King was happy to share private information with Dexter and valued the support of the Free Press and other Liberal papers. After one closed-door conversation in early January 1945, about the recent cabinet dissension over conscription, King wrote in his diary, “I told Dexter confidentially what was in my mind which he seemed to appreciate very much and with which he was in entire accord. It seemed to give him a great thrill. He was most friendly in every way.”
Dexter thought otherwise about this encounter. He had wanted to speak with King about the future, but the prime minister only wanted to talk about the conscription crisis. “Mighty interesting and exceedingly frank,” Dexter noted in his memorandum about the discussion, “but not helpful.”
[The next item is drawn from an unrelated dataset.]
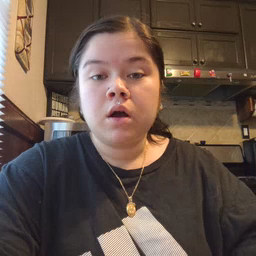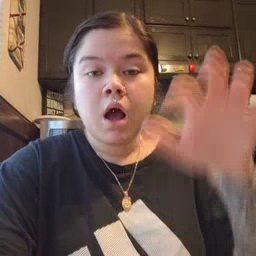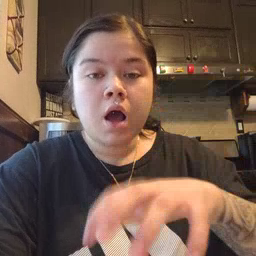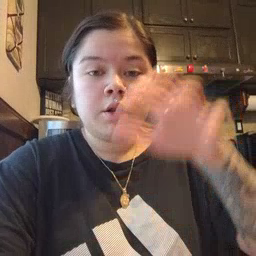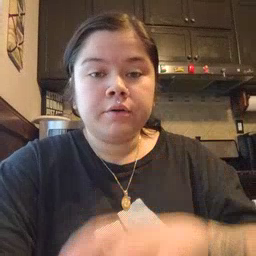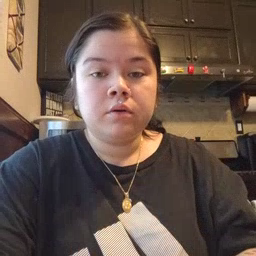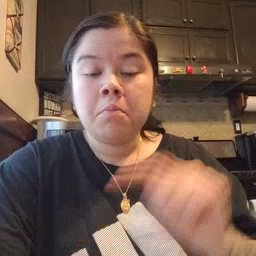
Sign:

On occasion, as in October 1941 when Dexter reworked a cabinet memo about a government wartime economic policy, he wondered whether his close connection to the Liberals had compromised his ability to be a journalist even in an era of intense partisanship. He tried to distance himself from the Liberals, yet it was difficult.
Two years after Dafoe died in 1944, Dexter returned to Winnipeg and spent eight rather unhappy years as the paper’s executive editor. He then returned to Ottawa to cover national politics again. He died in December 1961 at the age of 65. Bruce Hutchison deemed his late friend and fellow-journalist, “one of the most influential Canadians of his time.”
Partly adapted from Scrum Wars: The Prime Ministers and the Media.